9. A blower housing for a blower assembly including a blower motor coupled to an impeller for use in expelling exhaust gases from a furnace, the blower housing comprising:

an impeller cavity sized to receive the impeller, the impeller cavity having a generally rectangular outlet through which exhaust gases are expelled;

a transition section coupled to the rectangular outlet of the impeller cavity, the transition section being positioned to receive the expelled exhaust gases from the impeller cavity;

a circular exhaust outlet formed as a portion of the transition section, the circular exhaust outlet being configured to receive a circular exhaust pipe to expel exhaust gases away from the blower assembly;

a first housing member formed from stamped metal and configured to form a portion of the blower housing, the first housing member having an inlet opening to receive exhaust gases and a first outer flange, at least a portion of which is generally coplanar with the inlet opening, the first housing member defining a bottom half of both the transition section and the exhaust outlet; and

a second housing member formed from stamped metal and having a second outer flange attachable to the first outer flange of the first housing member, the second housing member defining an upper half of both the transition section and the exhaust outlet, wherein the first housing member and the second housing member are joined to form the blower housing.

10. The blower housing of claim 9 wherein the first housing member and the second housing member are formed from stamped steel.

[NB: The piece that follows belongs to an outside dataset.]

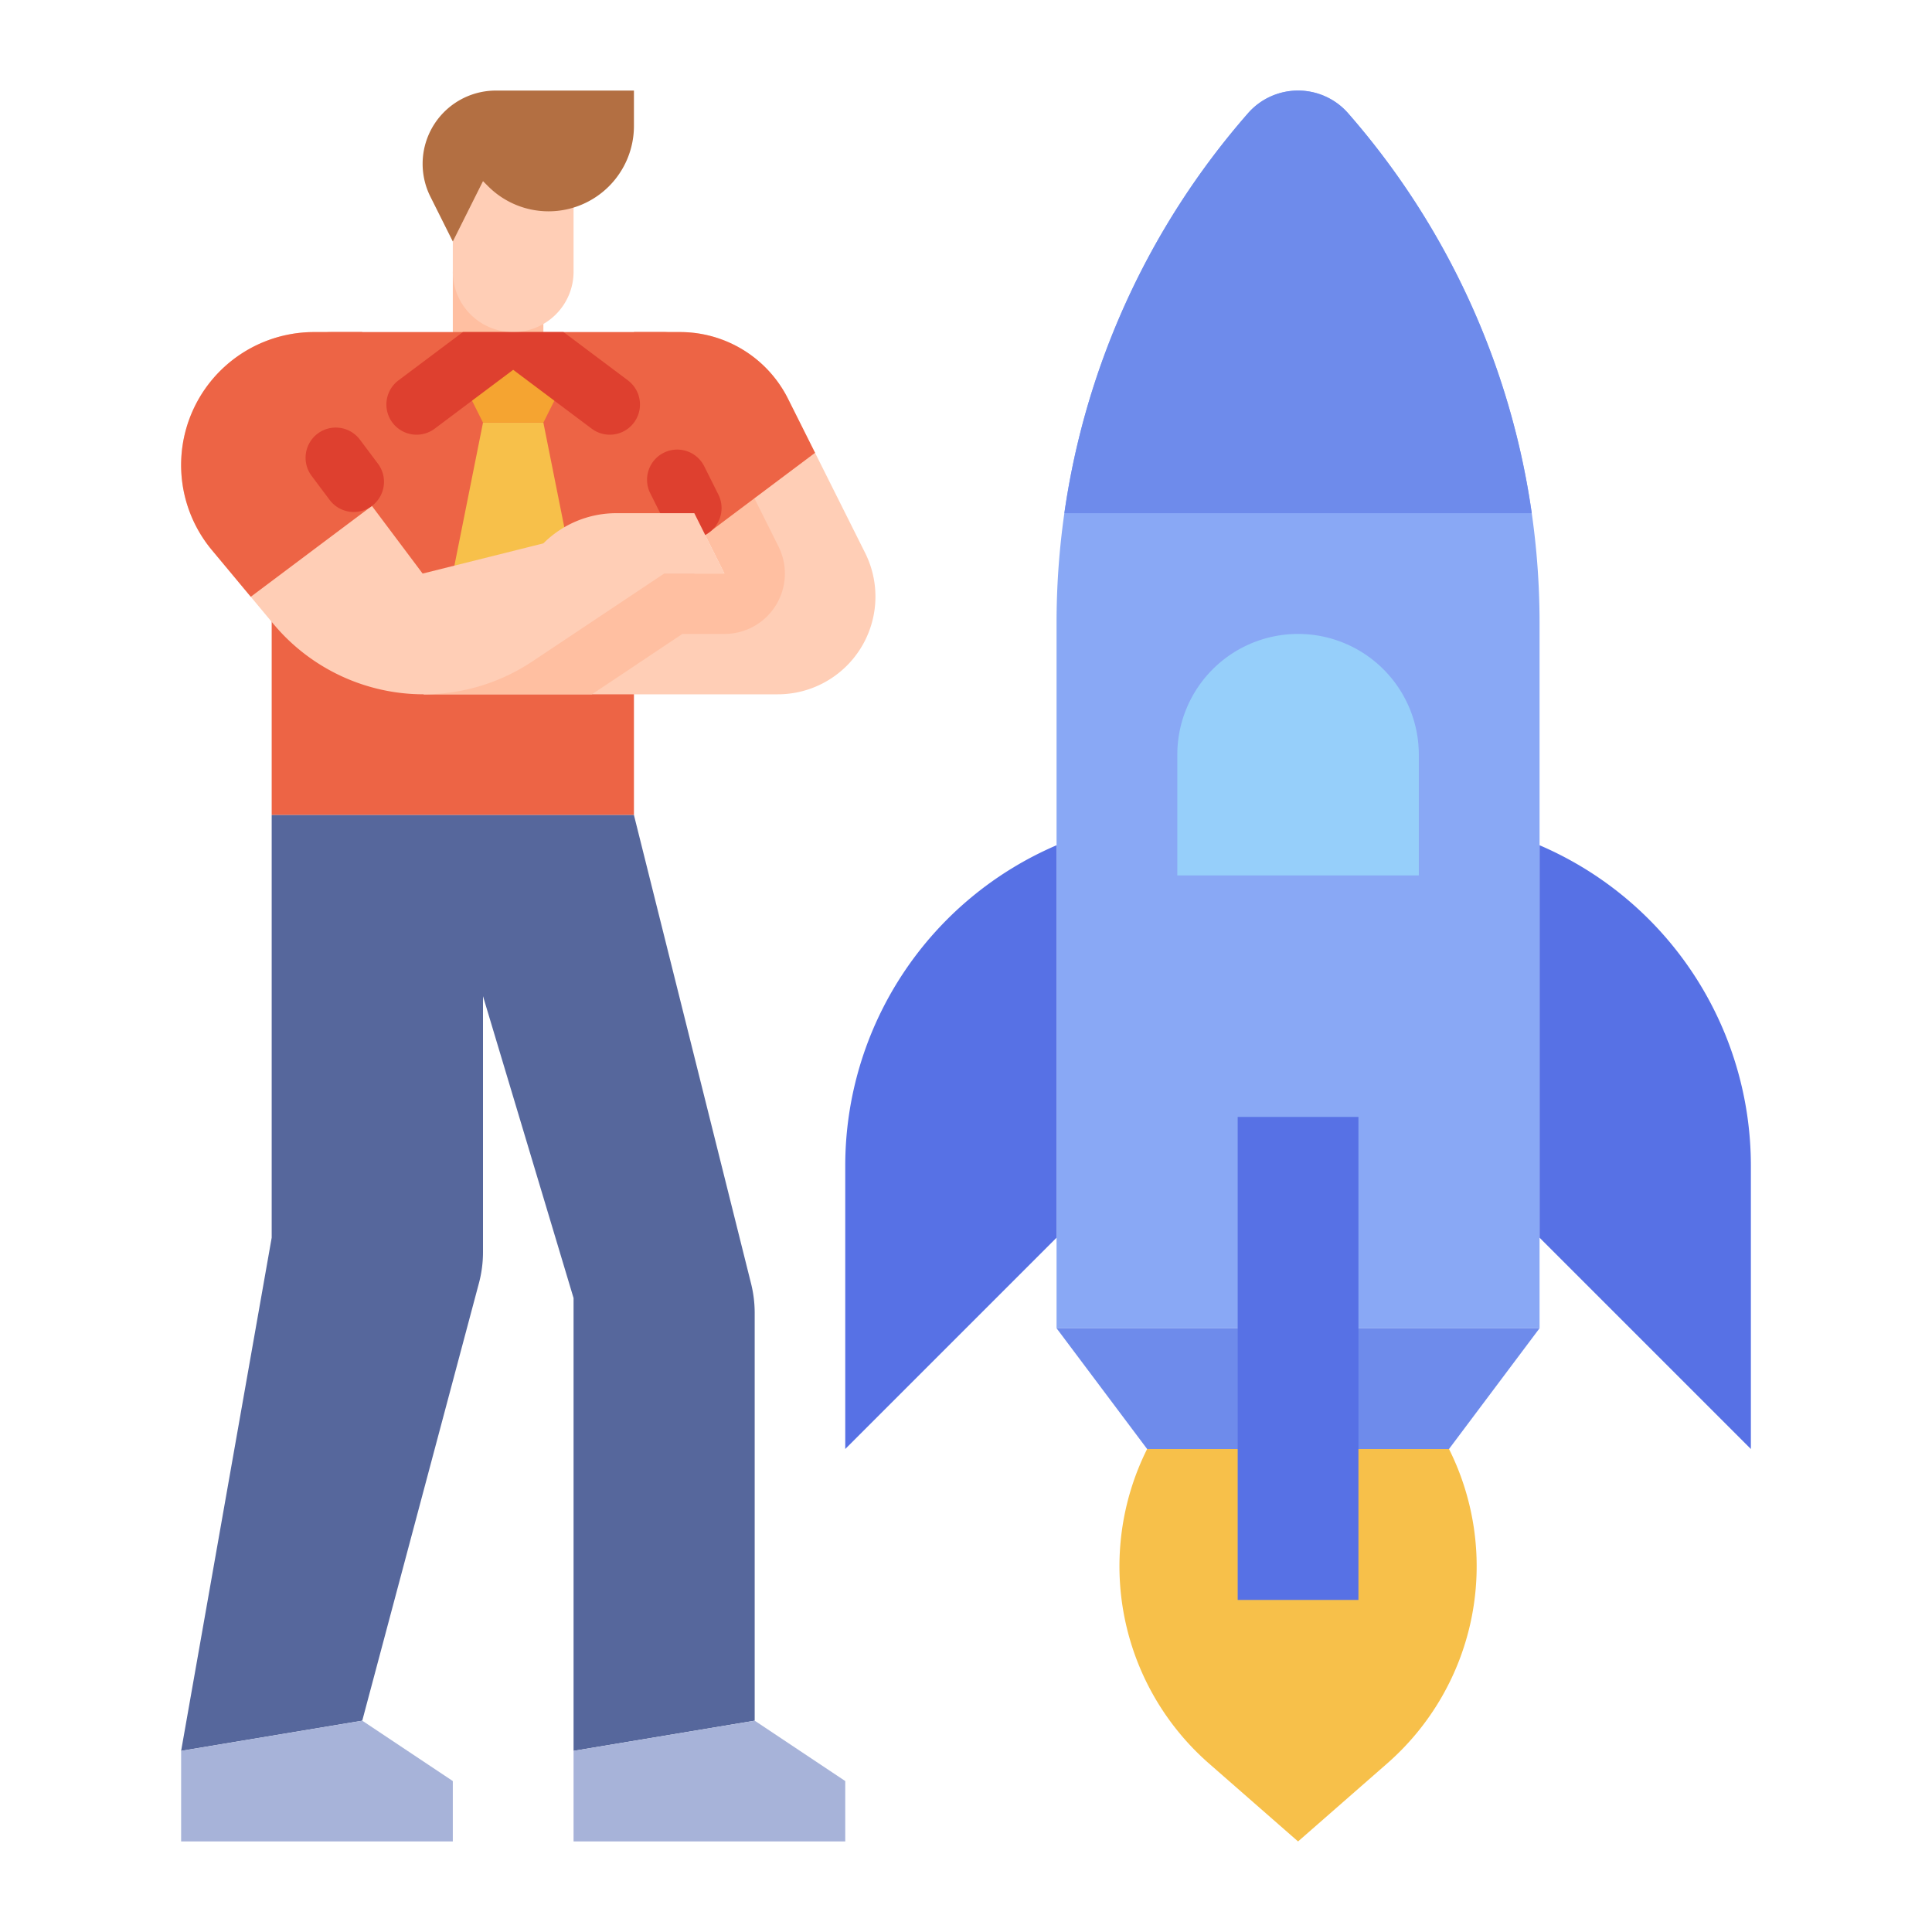 <svg id="flat" height="512" viewBox="0 0 512 512" width="512" xmlns="http://www.w3.org/2000/svg"><path d="m304 384a69.461 69.461 0 0 0 16.387 83.339l23.613 20.661 23.613-20.661a69.461 69.461 0 0 0 16.387-83.339z" fill="#f7c04a"/><path d="m120 72h24v32h-24z" fill="#ffbfa1"/><path d="m184 96v64l-16 16v40h-96v-112a15.995 15.995 0 0 1 16-16h88a7.998 7.998 0 0 1 8 8z" fill="#ed6445"/><path d="m128 112-8 40h32l-8-40z" fill="#f7c04a"/><path d="m152 96-8 16h-16l-8-16 16-8z" fill="#f5a431"/><path d="m232 158.11a25.888 25.888 0 0 1 -25.89 25.89h-93.82l-.29-16 16-16h64l-5.09-10.18-2.91-5.82-8-16v-32h4.22a32.001 32.001 0 0 1 28.62 17.69l7.16 14.31 13.27 26.53a25.85 25.85 0 0 1 2.73 11.58z" fill="#ffceb6"/><path d="m152 464 48-8v-108.061a32 32 0 0 0 -.955-7.761l-31.045-124.178h-96v112l-24 136 48-8 30.92-115.948a32 32 0 0 0 1.08-8.245v-67.807l24 80z" fill="#56679c"/><path d="m152 464v24h72v-16l-24-16z" fill="#a7b3d9"/><path d="m48 464v24h72v-16l-24-16z" fill="#a7b3d9"/><path d="m408 165.04v186.96h-128v-186.96a205.021 205.021 0 0 1 50.73-135.02 17.508 17.508 0 0 1 5.99-4.45 17.663 17.663 0 0 1 14.56 0 17.508 17.508 0 0 1 5.99 4.45 205.12 205.12 0 0 1 50.73 135.02z" fill="#89a8f5"/><path d="m405.93 136h-123.86a204.954 204.954 0 0 1 48.66-105.98 17.508 17.508 0 0 1 5.99-4.45 17.663 17.663 0 0 1 14.56 0 17.508 17.508 0 0 1 5.99 4.45 205.079 205.079 0 0 1 48.66 105.98z" fill="#6e8beb"/><path d="m408 352-24 32h-80l-24-32z" fill="#6e8beb"/><g fill="#5771e5"><path d="m328 296h32v128h-32z"/><path d="m280 328-56 56v-75.074a92.397 92.397 0 0 1 56-84.926h0z"/><path d="m408 328 56 56v-75.074a92.397 92.397 0 0 0 -56-84.926h-0z"/></g><path d="m344 168a32 32 0 0 1 32 32v32a0 0 0 0 1 0 0h-64a0 0 0 0 1 0 0v-32a32 32 0 0 1 32-32z" fill="#96cffa"/><path d="m152 40v32a16 16 0 0 1 -16 16 16 16 0 0 1 -16-16v-32z" fill="#ffceb6"/><path d="m120 64-5.95-11.9a19.417 19.417 0 0 1 -2.05-8.683 19.416 19.416 0 0 1 19.416-19.416h36.584v9.373a22.627 22.627 0 0 1 -22.627 22.627 22.627 22.627 0 0 1 -16-6.627l-1.373-1.373z" fill="#b36f42"/><path d="m205.61 160.41a15.994 15.994 0 0 1 -13.61 7.59h-11.16l-23.99 16h-44.56l-.29-16 16-16h64l-5.09-10.18-2.91-5.82-5.75-11.5 14.31-7.16 7.36 14.72 6.39 12.78a15.993 15.993 0 0 1 -.7 15.57z" fill="#ffbfa1"/><path d="m216 120-16.08 12.06-13.01 9.76-2.91-5.82-8-16h-8v-32h12.22a32.001 32.001 0 0 1 28.62 17.69z" fill="#ed6445"/><path d="m168 112a8 8 0 0 1 -11.2 1.6l-20.8-15.6-20.8 15.6a8 8 0 1 1 -9.6-12.8l17.07-12.8h26.66l17.07 12.8a8.005 8.005 0 0 1 1.6 11.2z" fill="#de402f"/><path d="m181.455 118.712a8 8 0 0 1 8 8v8.396a8 8 0 0 1 -8 8 8 8 0 0 1 -8-8v-8.396a8 8 0 0 1 8-8z" fill="#de402f" transform="matrix(.894 -.447 .447 .894 -39.388 94.97)"/><path d="m192 152h-16l-34.93 23.29a51.877 51.877 0 0 1 -68.62-9.95l-5.99-7.19-10.29-12.35a35.238 35.238 0 0 1 27.07-57.8h4.76v32l10.56 14.08 13.44 17.92 32-8a27.318 27.318 0 0 1 19.31-8h20.69z" fill="#ffceb6"/><path d="m98.56 134.08-32.1 24.07-10.29-12.35a35.238 35.238 0 0 1 27.07-57.8h12.76v32h-8z" fill="#ed6445"/><path d="m91.372 112.514a8 8 0 0 1 8 8v7.962a8 8 0 0 1 -8 8 8 8 0 0 1 -8-8v-7.962a8 8 0 0 1 8-8z" fill="#de402f" transform="matrix(.8 -.6 .6 .8 -56.423 79.724)"/></svg>

11. The blower housing of claim 9 wherein the first housing member includes a generally planar back plate having an inlet opening formed therein, wherein the inlet opening provides access into the impeller cavity such that exhaust gases can flow into the impeller cavity.

12. The blower housing of claim 11 wherein the exhaust outlet is offset from the back plate of the first housing member.

13. The blower housing of claim 9 wherein the blower housing is attachable to the furnace along the portion of the first outer flange that is generally coplanar with the inlet opening.

14. A blower assembly for use in expelling exhaust gases from a furnace through a circular exhaust pipe comprising:

a blower motor having a motor shaft;

a blower housing formed from stamped metal for supporting the blower motor, the blower housing comprising:

an internal impeller cavity defined by an outer wall;

an inlet opening positionable to receive exhaust gases from the furnace;

a mounting flange extending from the outer wall and being generally coplanar with the inlet opening;

a circular exhaust outlet configured to receive the circular exhaust pipe; and

a transition section positioned between the circular exhaust outlet and the impeller cavity, wherein the internal impeller cavity is in fluid communication with the circular exhaust outlet through the transition section, the transition section being formed as an integral part of the blower housing;

an impeller mounted to the motor shaft and contained within the impeller cavity, wherein rotation of the impeller within the impeller cavity creates a flow of exhaust gases out of the circular exhaust outlet,

wherein the blower housing is attachable to the furnace along the mounting flange.

15. The blower assembly of claim 14 wherein the blower housing further comprises:

a first housing member formed from stamped metal, the first housing member defining a bottom half of both the transition section and the exhaust outlet of the blower housing; and

a second housing member formed from stamped metal, the second housing member being attachable to the first housing member to define the transition section and the circular exhaust outlet, wherein the second housing member includes a top half of both the transition section and the exhaust outlet, wherein the motor shaft of the blower motor extends through a shaft opening formed in the second housing member.

16. The blower assembly of claim 15 wherein the second housing member includes a second outer flange, wherein at least a portion of the second outer flange is generally coplanar with the inlet opening, wherein the first housing member includes a first outer flange such that the first housing member and the second housing member are affixed to each other along the first outer flange and the second outer flange to define the transition section and the exhaust outlet.